Research Positions in the SNAP Group

Welcome to the application page for research positions in the SNAP group!

Our group does not have any open positions at the moment. Please have a look at some previous project below and check back with us soon.


SnapVX: A Network-Based Convex Optimization Solver

Convex optimization has become a widely used approach of modeling and solving problems in many different fields. However, as applications get larger and more intricate, classical methods of convex analysis begin to fail due to a lack of scalability. The challenge of large-scale optimization lies in developing methods general enough to work well independent of the input and capable of scaling to the immense datasets that today's applications require. We are building SnapVX a general solver for large scale convex problems defined on networks, which can be applied to a variety of examples in machine learning, graph analysis, and more!

Combining Online Social Networks with Offline Physical Activity

The growing popularity of smartphones and wearable sensors provides us with an unprecedented view of physical activity and health outcomes across millions of individuals. The data collected from such devices (e.g., exercise, food intake, hydration, stress, sleep, heart rate, weight) provides a unique opportunity to understand how to encourage healthy physical activity and weight management to stem the inactivity epidemic that more and more countries are facing.

We are social creatures and enjoy sharing our lives with our peers who also influence our behavior through encouragement, support, competition, or peer pressure. Online social networks capture human interactions on a grand scale and could enable us to better understand the behavioral and social factors that influence individuals' decisions to engage in regular physical activity. We are combining activity tracking data with online social interaction data to improve our understanding of how to make users and communities more successful and healthy.

Using Machine Learning to Analyze and Complement Human Decision Making

Understanding human decision making is a very challenging and exciting endeavor. Several diverse domains such as health care, judiciary, insurance etc. provide invaluable insights into human decision making capabilities. The high level goals of this project involve identifying interesting patterns in collective as well as individual decision making behavior, analyzing how these patterns evolve with time and, building frameworks which help us evaluate the goodness of decisions. We also aim to build interpretable machine learning models which allow us to understand as well as predict the future decisions of experts such as doctors, judges, insurance underwriters.

More specifically, for the Autumn quarter of 2015, we will be looking at data from a large insurance company which insures small to mid-scale businesses. The dataset consists of reports written to analyze the risk associated with a business, the decisions of whether a particular business was insured and the outcomes and aftermath of an insurance policy after its approval.

We will be analyzing this dataset and answering several interesting questions such as: how do the risk analysis teams of an insurance company make decisions and what features do they consider, can machine learning algorithms do a better job than humans in predicting the risks associated with insuring a business, how do we evaluate the decision making ability of the risk analysis teams, and how accurately can machine learning algorithms predict the future decisions of risk analysis teams.
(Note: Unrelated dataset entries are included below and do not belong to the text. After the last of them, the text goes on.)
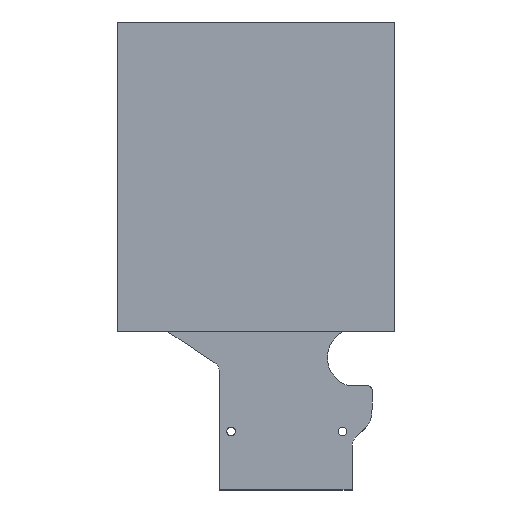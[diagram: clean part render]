
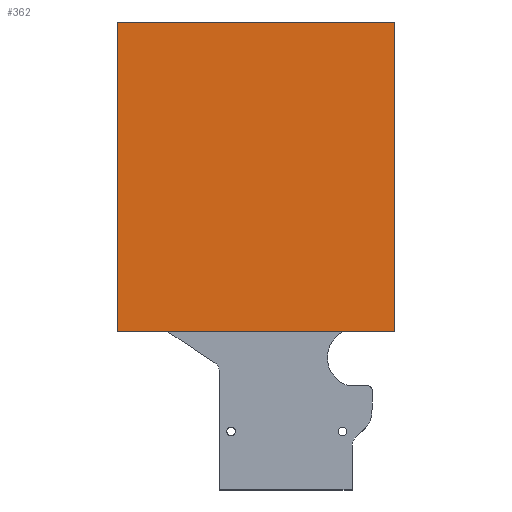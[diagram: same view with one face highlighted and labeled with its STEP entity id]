
A CAD part, top view. The second image highlights one B-rep face of the part: STEP entity #362.
In plain terms, the highlighted planar face has unit normal (0, 0, 1).
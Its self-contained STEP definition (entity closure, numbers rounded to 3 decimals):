
#24 = VERTEX_POINT('',#25);
#25 = CARTESIAN_POINT('',(-13.08,14.61,1.5));
#32 = PLANE('',#33);
#33 = AXIS2_PLACEMENT_3D('',#34,#35,#36);
#34 = CARTESIAN_POINT('',(-13.08,14.61,0.));
#35 = DIRECTION('',(0.,1.,0.));
#36 = DIRECTION('',(1.,0.,0.));
#44 = PLANE('',#45);
#45 = AXIS2_PLACEMENT_3D('',#46,#47,#48);
#46 = CARTESIAN_POINT('',(-13.08,-14.61,0.));
#47 = DIRECTION('',(-1.,0.,0.));
#48 = DIRECTION('',(0.,1.,0.));
#56 = EDGE_CURVE('',#24,#57,#59,.T.);
#57 = VERTEX_POINT('',#58);
#58 = CARTESIAN_POINT('',(13.08,14.61,1.5));
#59 = SURFACE_CURVE('',#60,(#64,#71),.PCURVE_S1.);
#60 = LINE('',#61,#62);
#61 = CARTESIAN_POINT('',(-13.08,14.61,1.5));
#62 = VECTOR('',#63,1.);
#63 = DIRECTION('',(1.,0.,0.));
#64 = PCURVE('',#32,#65);
#65 = DEFINITIONAL_REPRESENTATION('',(#66),#70);
#66 = LINE('',#67,#68);
#67 = CARTESIAN_POINT('',(0.,-1.5));
#68 = VECTOR('',#69,1.);
#69 = DIRECTION('',(1.,0.));
#70 = ( GEOMETRIC_REPRESENTATION_CONTEXT(2) 
PARAMETRIC_REPRESENTATION_CONTEXT() REPRESENTATION_CONTEXT('2D SPACE',''
  ) );
#71 = PCURVE('',#72,#77);
#72 = PLANE('',#73);
#73 = AXIS2_PLACEMENT_3D('',#74,#75,#76);
#74 = CARTESIAN_POINT('',(0.,0.,1.5));
#75 = DIRECTION('',(0.,0.,1.));
#76 = DIRECTION('',(1.,0.,0.));
#77 = DEFINITIONAL_REPRESENTATION('',(#78),#82);
#78 = LINE('',#79,#80);
#79 = CARTESIAN_POINT('',(-13.08,14.61));
#80 = VECTOR('',#81,1.);
#81 = DIRECTION('',(1.,0.));
#82 = ( GEOMETRIC_REPRESENTATION_CONTEXT(2) 
PARAMETRIC_REPRESENTATION_CONTEXT() REPRESENTATION_CONTEXT('2D SPACE',''
  ) );
#100 = PLANE('',#101);
#101 = AXIS2_PLACEMENT_3D('',#102,#103,#104);
#102 = CARTESIAN_POINT('',(13.08,14.61,0.));
#103 = DIRECTION('',(1.,0.,0.));
#104 = DIRECTION('',(0.,-1.,0.));
#144 = VERTEX_POINT('',#145);
#145 = CARTESIAN_POINT('',(-13.08,-14.61,1.5));
#159 = PLANE('',#160);
#160 = AXIS2_PLACEMENT_3D('',#161,#162,#163);
#161 = CARTESIAN_POINT('',(13.08,-14.61,0.));
#162 = DIRECTION('',(0.,-1.,0.));
#163 = DIRECTION('',(-1.,0.,0.));
#171 = EDGE_CURVE('',#144,#24,#172,.T.);
#172 = SURFACE_CURVE('',#173,(#177,#184),.PCURVE_S1.);
#173 = LINE('',#174,#175);
#174 = CARTESIAN_POINT('',(-13.08,-14.61,1.5));
#175 = VECTOR('',#176,1.);
#176 = DIRECTION('',(0.,1.,0.));
#177 = PCURVE('',#44,#178);
#178 = DEFINITIONAL_REPRESENTATION('',(#179),#183);
#179 = LINE('',#180,#181);
#180 = CARTESIAN_POINT('',(0.,-1.5));
#181 = VECTOR('',#182,1.);
#182 = DIRECTION('',(1.,0.));
#183 = ( GEOMETRIC_REPRESENTATION_CONTEXT(2) 
PARAMETRIC_REPRESENTATION_CONTEXT() REPRESENTATION_CONTEXT('2D SPACE',''
  ) );
#184 = PCURVE('',#72,#185);
#185 = DEFINITIONAL_REPRESENTATION('',(#186),#190);
#186 = LINE('',#187,#188);
#187 = CARTESIAN_POINT('',(-13.08,-14.61));
#188 = VECTOR('',#189,1.);
#189 = DIRECTION('',(0.,1.));
#190 = ( GEOMETRIC_REPRESENTATION_CONTEXT(2) 
PARAMETRIC_REPRESENTATION_CONTEXT() REPRESENTATION_CONTEXT('2D SPACE',''
  ) );
#218 = EDGE_CURVE('',#57,#219,#221,.T.);
#219 = VERTEX_POINT('',#220);
#220 = CARTESIAN_POINT('',(13.08,-14.61,1.5));
#221 = SURFACE_CURVE('',#222,(#226,#233),.PCURVE_S1.);
#222 = LINE('',#223,#224);
#223 = CARTESIAN_POINT('',(13.08,14.61,1.5));
#224 = VECTOR('',#225,1.);
#225 = DIRECTION('',(0.,-1.,0.));
#226 = PCURVE('',#100,#227);
#227 = DEFINITIONAL_REPRESENTATION('',(#228),#232);
#228 = LINE('',#229,#230);
#229 = CARTESIAN_POINT('',(0.,-1.5));
#230 = VECTOR('',#231,1.);
#231 = DIRECTION('',(1.,0.));
#232 = ( GEOMETRIC_REPRESENTATION_CONTEXT(2) 
PARAMETRIC_REPRESENTATION_CONTEXT() REPRESENTATION_CONTEXT('2D SPACE',''
  ) );
#233 = PCURVE('',#72,#234);
#234 = DEFINITIONAL_REPRESENTATION('',(#235),#239);
#235 = LINE('',#236,#237);
#236 = CARTESIAN_POINT('',(13.08,14.61));
#237 = VECTOR('',#238,1.);
#238 = DIRECTION('',(0.,-1.));
#239 = ( GEOMETRIC_REPRESENTATION_CONTEXT(2) 
PARAMETRIC_REPRESENTATION_CONTEXT() REPRESENTATION_CONTEXT('2D SPACE',''
  ) );
#362 = ADVANCED_FACE('',(#363),#72,.T.);
#363 = FACE_BOUND('',#364,.F.);
#364 = EDGE_LOOP('',(#365,#366,#367,#388));
#365 = ORIENTED_EDGE('',*,*,#56,.T.);
#366 = ORIENTED_EDGE('',*,*,#218,.T.);
#367 = ORIENTED_EDGE('',*,*,#368,.T.);
#368 = EDGE_CURVE('',#219,#144,#369,.T.);
#369 = SURFACE_CURVE('',#370,(#374,#381),.PCURVE_S1.);
#370 = LINE('',#371,#372);
#371 = CARTESIAN_POINT('',(13.08,-14.61,1.5));
#372 = VECTOR('',#373,1.);
#373 = DIRECTION('',(-1.,0.,0.));
#374 = PCURVE('',#72,#375);
#375 = DEFINITIONAL_REPRESENTATION('',(#376),#380);
#376 = LINE('',#377,#378);
#377 = CARTESIAN_POINT('',(13.08,-14.61));
#378 = VECTOR('',#379,1.);
#379 = DIRECTION('',(-1.,0.));
#380 = ( GEOMETRIC_REPRESENTATION_CONTEXT(2) 
PARAMETRIC_REPRESENTATION_CONTEXT() REPRESENTATION_CONTEXT('2D SPACE',''
  ) );
#381 = PCURVE('',#159,#382);
#382 = DEFINITIONAL_REPRESENTATION('',(#383),#387);
#383 = LINE('',#384,#385);
#384 = CARTESIAN_POINT('',(0.,-1.5));
#385 = VECTOR('',#386,1.);
#386 = DIRECTION('',(1.,0.));
#387 = ( GEOMETRIC_REPRESENTATION_CONTEXT(2) 
PARAMETRIC_REPRESENTATION_CONTEXT() REPRESENTATION_CONTEXT('2D SPACE',''
  ) );
#388 = ORIENTED_EDGE('',*,*,#171,.T.);

SNAP: Stanford Network Analysis Platform

Stanford Network Analysis Platform (SNAP) is a general purpose, high performance network analysis and graph mining library that easily scales to massive networks with hundreds of millions of nodes, and billions of edges. It efficiently manipulates large graphs, calculates structural properties, generates regular and random graphs, and supports attributes on nodes and edges. SNAP is being constantly expanded with new graph and network algorithms for big-memory multi-core machines with 1TB RAM and 80 CPU cores.

Ringo: In-memory Graph Exploration Engine

What data analysis engine would you build if your computer has unlimited RAM and CPU? Large-scale data analysis is transforming science and industry. However, tools and solutions for data analysts are bulky and cumbersome to use. The goal of the Ringo research project is to build an interactive system for analysis of large datasets with billions of items. The system will implement strong primitives to handle relational tables as well as networks -- huge graphs with node and edge attributes. Ringo will be based on the SNAP platform. We will run Ringo on machines with 1TB RAM and 80 CPU cores.

Demographic Inference in Social Media

The social side of the web sees huge amounts of data posted to it daily. However, the authors behind this content are often partly shrouded in mystery: who are they? how old are they? what kind of job do they have? what part of the world are they from? -- even what languages do they speak? Characterizing online populations can provide critical insight into social phenomena like rumor spreading and influence or real-world events like flu outbreaks. While we can identify some user's attributes when they explicitly provide the information, we are left to try to infer many of these latent attributes for the vast majority of users. We aim to create new methods that combine social network analysis and text processing to infer many kinds of demographic attributes for social media users.